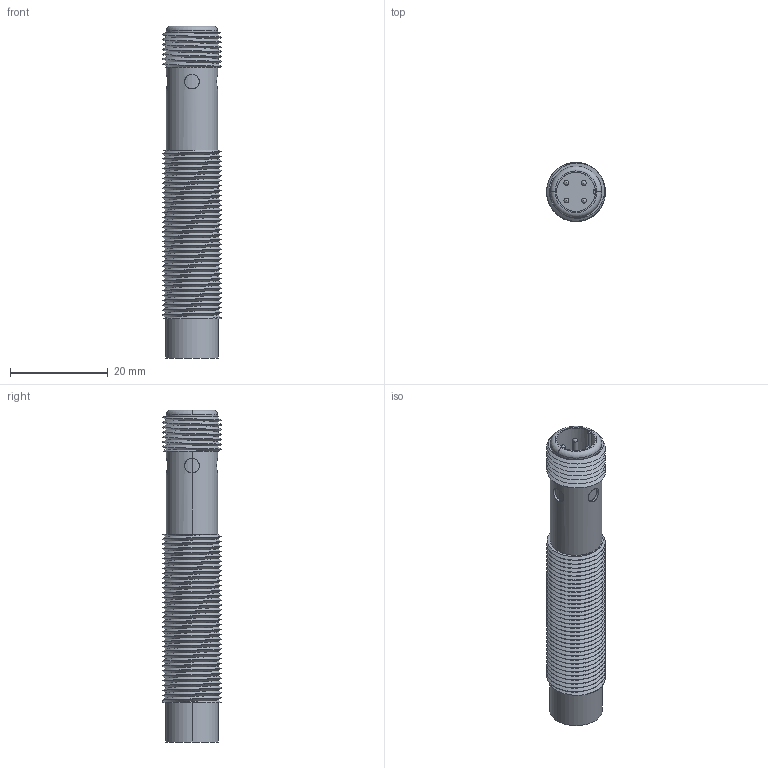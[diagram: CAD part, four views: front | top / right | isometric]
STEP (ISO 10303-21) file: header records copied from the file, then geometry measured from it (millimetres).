
FILE_DESCRIPTION (( 'STEP AP203' ), '1' );
FILE_NAME ('蚾饜极-I1SN-M1204N-OEU4.STEP', '2020-02-17T05:22:22', ( '' ), ( '' ), 'SwSTEP 2.0', 'SolidWorks 2017', '' );
FILE_SCHEMA (( 'CONFIG_CONTROL_DESIGN' ));
Length unit declared in the file: millimetre
Products named in the file (10): 錨璃-繞堤覜茼褲; 蚾饜极-I1SN-M1204N-OEU4; Áã¼þ-ledµÆ; 錨璃-諉芛揭蹟恇; 脣渀1; 蚾饜极M12-Plug; 零件-标准型露出管子; 脣渀1 - 萵掛 (3); plogｿﾇ2; 脣渀1 - 萵掛
Assembly tree (10 placements, depth 3):
  蚾饜极-I1SN-M1204N-OEU4
    錨璃-諉芛揭蹟恇
    錨璃-繞堤覜茼褲
    蚾饜极M12-Plug
      plogｿﾇ2
      脣渀1
      脣渀1 - 萵掛  x2
      脣渀1 - 萵掛 (3)
      Áã¼þ-ledµÆ
    零件-标准型露出管子
Bounding box: 12.04 x 12.04 x 68 mm (x, y, z)
Volume: 3189.6 mm3; surface area: 7348.8 mm2
Topology: 9 solids, 9 shells, 148 faces, 382 edges, 254 vertices
Faces by surface type: cylinder 111, plane 26, bspline 4, sphere 4, torus 3
Entity records: 11615 total; most frequent: CARTESIAN_POINT 7465, ORIENTED_EDGE 724, DIRECTION 575, EDGE_CURVE 362, VERTEX_POINT 240, AXIS2_PLACEMENT_3D 230, EDGE_LOOP 160, ADVANCED_FACE 143

= Task statement =
Copy each line of the listing that contains the string "surface".

= The completed task =
Volume: 3189.6 mm3; surface area: 7348.8 mm2
Faces by surface type: cylinder 111, plane 26, bspline 4, sphere 4, torus 3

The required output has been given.